The manufacturing PMI came in ahead of forecasts, rising 47.9 to 48.9 (consensus: 48) but still remained below the 50 level that separates growth and contraction.

Digesting the Fed's comments

"The Fed sees a stronger economy unfolding than it did in its previous economic projections three months ago. Hence, it also believes that it can withstand higher interest rates that, despite progress made on the inflation front, is needed for the final leg of the inflation fight," explained analyst Bob Schwartz from Capital Economics.

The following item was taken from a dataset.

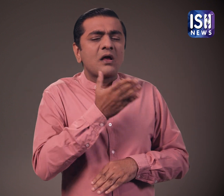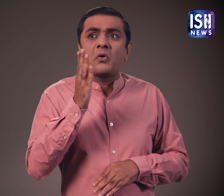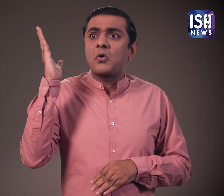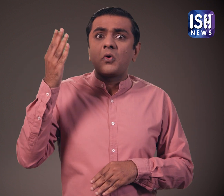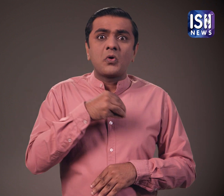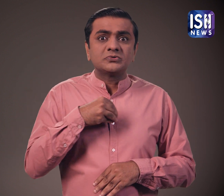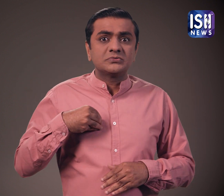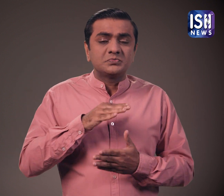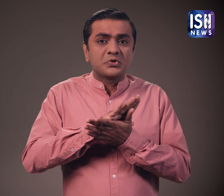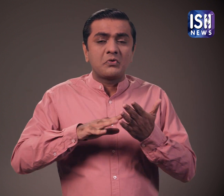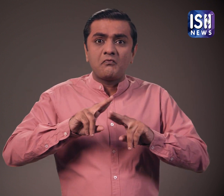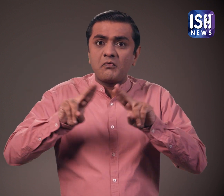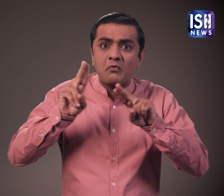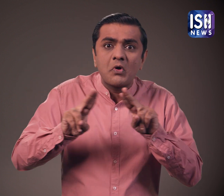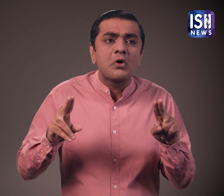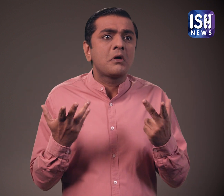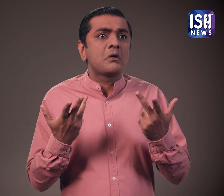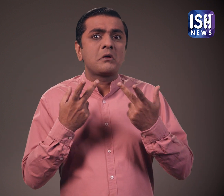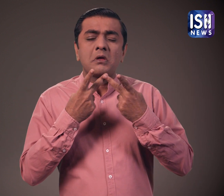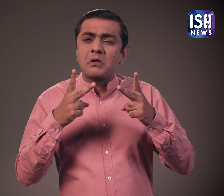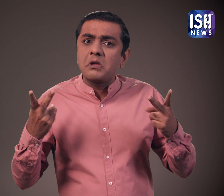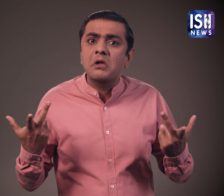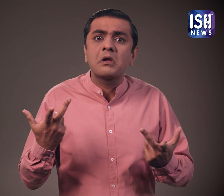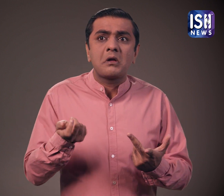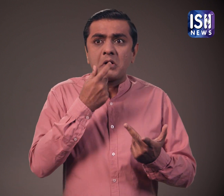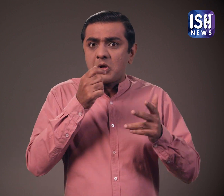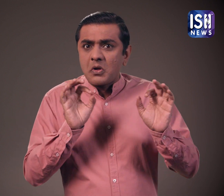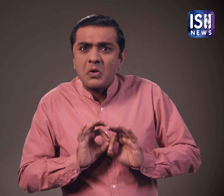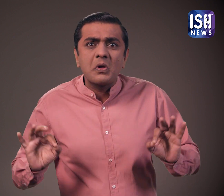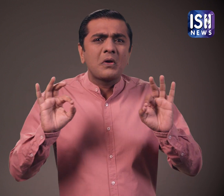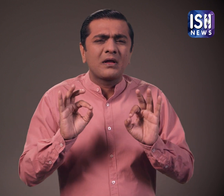असपालों के भरे होने, दवाओ की कमी, आदी की खबरे सच नहीं है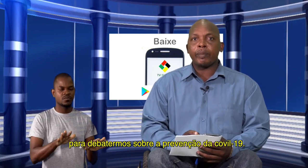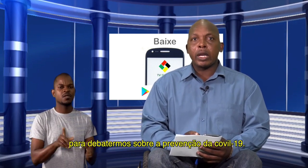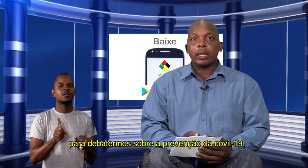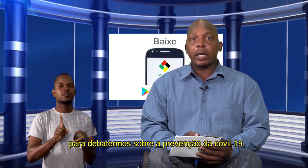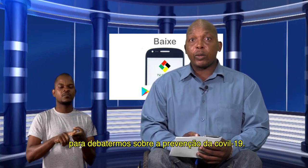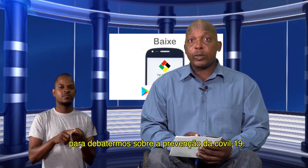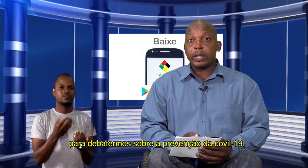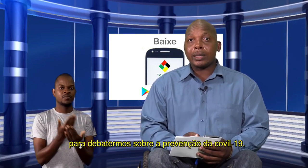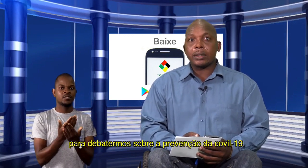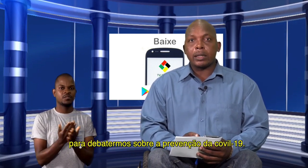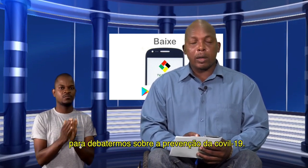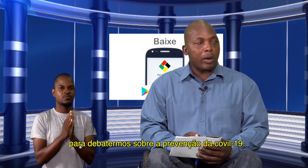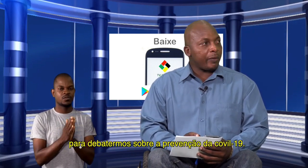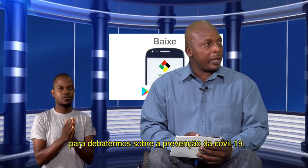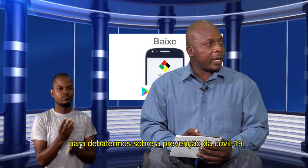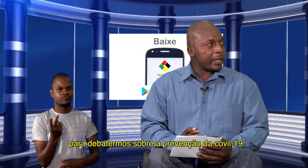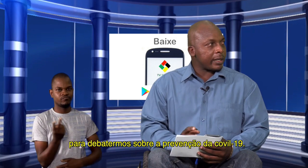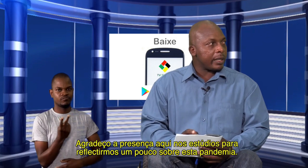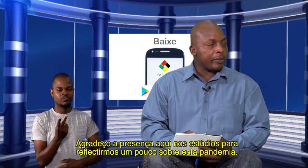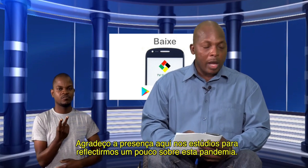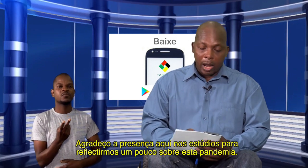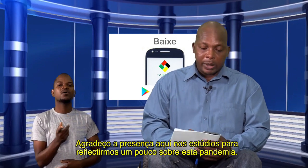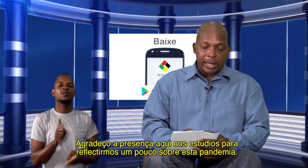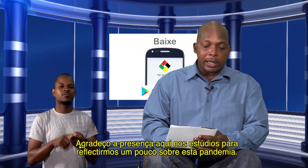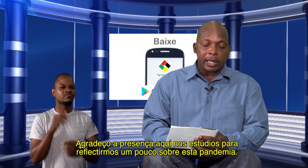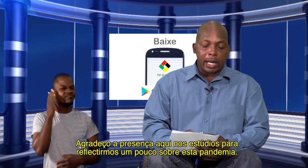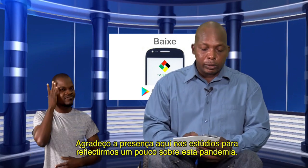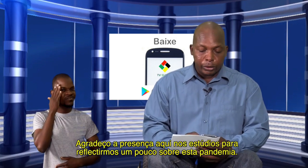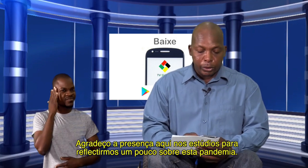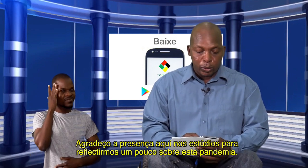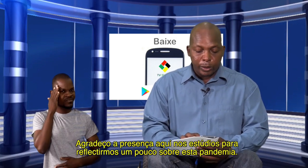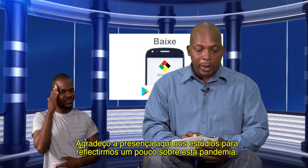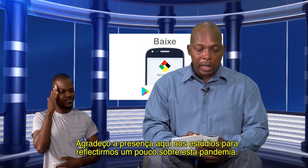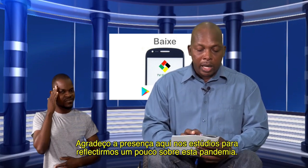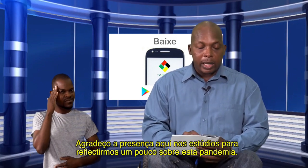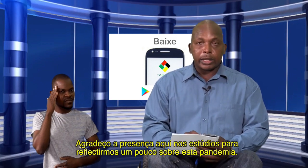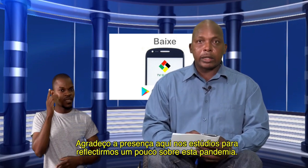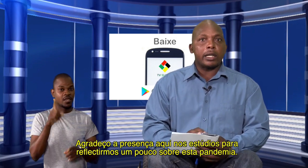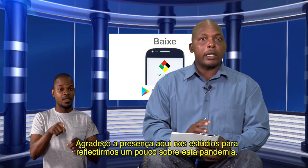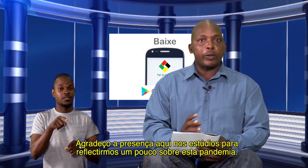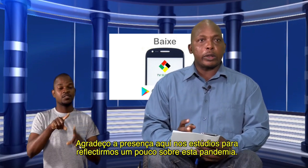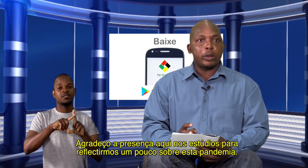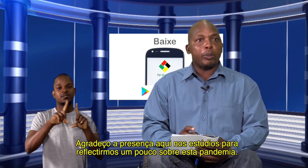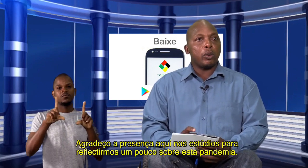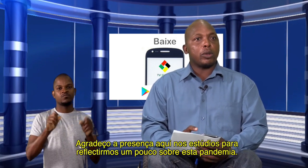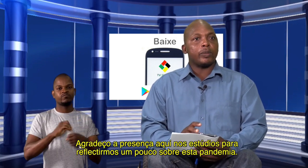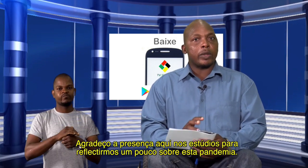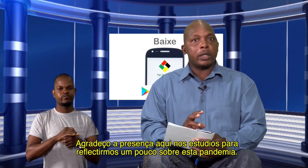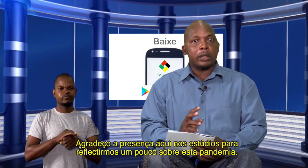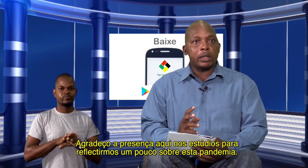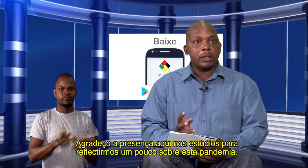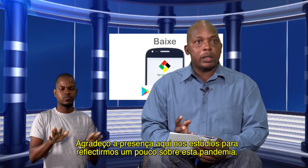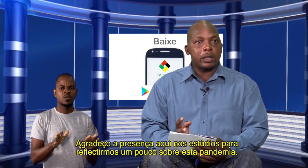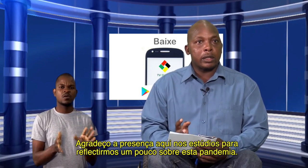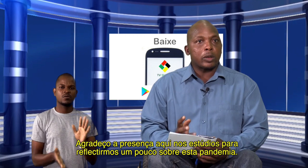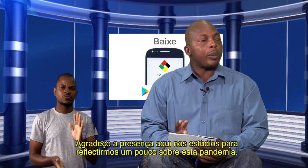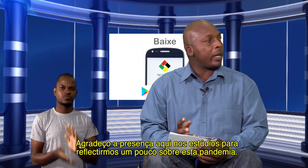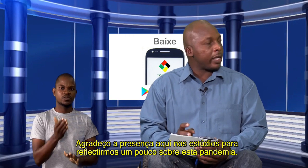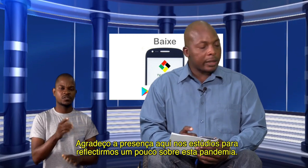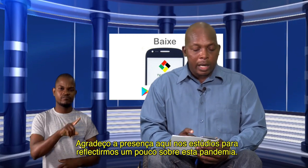da Covid-19 e agradecer a presença aqui nos estúdios para a gente refletir um pouco sobre esta

"The ghost of the 1970s still haunts policymakers, who fret that a premature easing of policy could reignite the inflation embers, as was the case 50 years ago."

The meeting, along with stronger-than-expected jobless claims figures, resulted in a sell-off in government bonds on Thursday, with the yield on a 10-year Treasury surpassing the 4.5% mark for the first time since 2007. Yields pulled back to the 4.45% mark on Friday.

Bank of America analysts, in their latest 'Flow Show' report, said a higher-for-longer strategy raises the risks of a hard landing. "We believe 'lower-for-longer' rates and yields caused bubble and boom in 2010s and 2020/21," the bank wrote. "'Higher-for-longer' means hard landing risks and [bubble] pops and busts in the first half of 2024."



Streaming companies in focus

Amazon gave up earlier gains to finish down 0.2% on the news that the online giant was expected to add commercials to its Prime Video streaming service in early 2024 as it attempts to generate more cash.

Sector peers Paramount, Walt Disney and Netflix fell with the Writers Guild of America and The Alliance of Motion Picture and Television Producers back at the negotiating table. The WGA negotiating committee said on Friday that it was meeting again with the AMPTP again at the weekend yet still asked "as many [WGA members] to come out to the picket lines tomorrow".

ADRs of newly-listed chipmaker Arm Holdings remained under pressure with the shares falling a further 1.6% to $51.32, marginally above the IPO price of $51.

Meanwhile, Fox Corp was down on the news that Rupert Murdoch was stepping down as chairman, with his son Lachlan jumping in to head the ship.